Padmini Products v. Collector of C. Ex. - , is again an appeal from the Tribunal. The tests laid down by the Supreme Court in Chemphar Drugs case referred to earlier, were approved of in that decision. The Supreme Court noted about a scope for confusion suggested by the materials in the case, and in absence of contrary evidence to show that the Manufacturer knew that the articles were excisable or required to be licensed, Section 11A could not get attracted. We have also noted instances where the Article 226 of the Constitutional jurisdiction were invoked in context of Section 11A of the Central Excises and Salt Act, 1944, such as Leukoplast (India) Pvt. Ltd. v.
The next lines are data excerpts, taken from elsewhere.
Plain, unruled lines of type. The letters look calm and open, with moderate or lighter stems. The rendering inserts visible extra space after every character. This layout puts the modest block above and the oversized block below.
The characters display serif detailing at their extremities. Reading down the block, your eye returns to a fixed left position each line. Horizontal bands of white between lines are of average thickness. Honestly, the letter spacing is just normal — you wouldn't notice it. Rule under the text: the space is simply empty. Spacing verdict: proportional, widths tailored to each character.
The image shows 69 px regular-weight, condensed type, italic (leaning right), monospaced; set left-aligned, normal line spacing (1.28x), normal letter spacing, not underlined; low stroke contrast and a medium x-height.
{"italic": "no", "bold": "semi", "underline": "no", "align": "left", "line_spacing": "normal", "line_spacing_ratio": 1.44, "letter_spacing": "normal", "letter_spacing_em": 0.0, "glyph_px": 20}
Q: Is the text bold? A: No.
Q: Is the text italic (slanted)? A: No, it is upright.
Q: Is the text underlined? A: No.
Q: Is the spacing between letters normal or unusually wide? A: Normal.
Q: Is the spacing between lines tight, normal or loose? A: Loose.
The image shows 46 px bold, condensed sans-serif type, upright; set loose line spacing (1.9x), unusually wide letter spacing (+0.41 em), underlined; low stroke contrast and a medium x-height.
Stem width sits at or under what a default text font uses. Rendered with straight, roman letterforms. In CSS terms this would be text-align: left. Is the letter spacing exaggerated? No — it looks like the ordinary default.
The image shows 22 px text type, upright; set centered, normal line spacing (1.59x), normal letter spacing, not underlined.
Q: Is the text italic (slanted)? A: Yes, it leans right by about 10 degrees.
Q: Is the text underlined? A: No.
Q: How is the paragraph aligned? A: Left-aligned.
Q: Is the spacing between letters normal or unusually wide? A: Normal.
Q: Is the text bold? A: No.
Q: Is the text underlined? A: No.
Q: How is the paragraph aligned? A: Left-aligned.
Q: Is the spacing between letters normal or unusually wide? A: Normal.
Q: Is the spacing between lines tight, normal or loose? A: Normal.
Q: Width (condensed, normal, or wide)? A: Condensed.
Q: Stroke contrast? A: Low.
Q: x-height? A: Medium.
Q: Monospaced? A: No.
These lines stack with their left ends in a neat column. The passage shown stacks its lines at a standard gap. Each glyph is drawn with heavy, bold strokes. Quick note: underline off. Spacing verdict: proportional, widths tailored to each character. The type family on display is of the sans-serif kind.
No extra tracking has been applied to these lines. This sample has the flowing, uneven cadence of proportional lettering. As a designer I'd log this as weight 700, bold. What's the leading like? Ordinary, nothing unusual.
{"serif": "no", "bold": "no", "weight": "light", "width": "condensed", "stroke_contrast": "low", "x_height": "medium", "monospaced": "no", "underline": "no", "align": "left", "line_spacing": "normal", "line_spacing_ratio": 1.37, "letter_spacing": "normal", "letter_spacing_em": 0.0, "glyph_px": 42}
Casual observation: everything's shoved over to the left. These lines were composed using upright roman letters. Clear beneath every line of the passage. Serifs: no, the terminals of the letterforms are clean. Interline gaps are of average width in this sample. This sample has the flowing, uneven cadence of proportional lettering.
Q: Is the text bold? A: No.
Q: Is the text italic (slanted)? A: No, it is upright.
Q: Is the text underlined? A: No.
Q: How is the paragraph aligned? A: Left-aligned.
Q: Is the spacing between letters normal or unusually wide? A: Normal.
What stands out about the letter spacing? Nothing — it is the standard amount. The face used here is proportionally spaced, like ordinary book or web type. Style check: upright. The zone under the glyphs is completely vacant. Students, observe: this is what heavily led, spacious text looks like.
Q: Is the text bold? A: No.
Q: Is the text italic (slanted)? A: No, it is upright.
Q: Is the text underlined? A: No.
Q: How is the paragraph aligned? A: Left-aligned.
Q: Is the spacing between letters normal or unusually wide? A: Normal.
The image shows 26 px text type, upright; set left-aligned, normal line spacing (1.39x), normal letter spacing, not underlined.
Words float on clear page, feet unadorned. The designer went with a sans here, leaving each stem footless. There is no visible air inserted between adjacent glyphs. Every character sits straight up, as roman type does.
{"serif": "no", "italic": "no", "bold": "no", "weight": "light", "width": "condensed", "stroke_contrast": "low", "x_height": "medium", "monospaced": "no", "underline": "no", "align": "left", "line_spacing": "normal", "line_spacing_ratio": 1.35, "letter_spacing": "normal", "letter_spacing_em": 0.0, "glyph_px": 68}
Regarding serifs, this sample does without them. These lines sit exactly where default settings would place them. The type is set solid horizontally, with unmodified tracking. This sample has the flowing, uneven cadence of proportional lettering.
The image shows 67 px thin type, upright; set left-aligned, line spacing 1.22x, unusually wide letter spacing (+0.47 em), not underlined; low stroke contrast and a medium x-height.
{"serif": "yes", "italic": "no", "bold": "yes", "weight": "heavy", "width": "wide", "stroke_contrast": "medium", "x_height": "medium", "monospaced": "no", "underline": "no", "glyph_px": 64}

U.O.I. - 1985 (20) E.L.T. 70 (Bombay), Ashok Leyland Limited v. Union of India and Others - , Universal Autocrafts v. Union of India - , and B.R. Sule v. Union of India - . It is sufficient to note that on the facts of the present case, no conclusion that Section 11A would not get attracted, could be inferable straightway on the materials. We do not express, even prima facie, our reaction to many of the submissions on merits, lest it should prejudice the Petitioners in consideration of the matter by Department authorities.

29. It is sufficient at this stage to show that every argument to bring in one element or the other of the tests laid down for the applicability of Section 11A, had been attempted to be countered by the Revenue with reference to materials and circumstances. We are not satisfied that such materials, circumstances and submissions are denuded of all force or substance. A clearer and final pronouncement, of course, would require concentrated attention on the pleas, evidence, and materials and evaluation of the principles.

30. In the light of the discussions, we are clearly of the view that the Petitioners have to be relegated to remedies available under the statute itself. This is not a case where powers under Article 226 of the Constitution should be exercised. We decline jurisdiction under Article 226.

31. History contains a Kaleidoscopic view of many curious events. The very concept of the Fundamental Rights and the Constitutional Courts, would appear to have gathered significance and momentum from time when the people in Princely States were as eager to move into the main stream of the democratic set up as their brethren of British India, as the area was known at that time. Mahatma Gandhi, who was to sit at the Round Table, and talk on behalf of the Indian People, was furnished with a note for safe-guarding the rights of the people in the Princely States. That Note continued a reference to the concept of the Fundamental Rights. Later agitations were organised for the realisation of those goals. Gandhiji had led it in Rajkot and Bajaj in Jaipur. (See British Policy Towards India 1905-1939 by Ashton) Soon the country witnessed the ushering in of a Constitution guaranteering to the citizens precious Fundamental Rights. Two of the Bajaj's have sought reliefs in this case from this Court for the enforcement of their fundamental and legal rights. We have considered their contentions, demanding those reliefs. We have ultimately come to the conclusion that having regard to the larger aspects of the working of the Constitution and the restraints which are necessary to keep the Constitutional machinery within its workable sphere, that immediate and direct reliefs should be declined, and that the Petitioners should be directed to pursue another forum where they could get remedy, if deserved. The Writ Petition is dismissed. Certified copy of the Judgment of supplied within one week.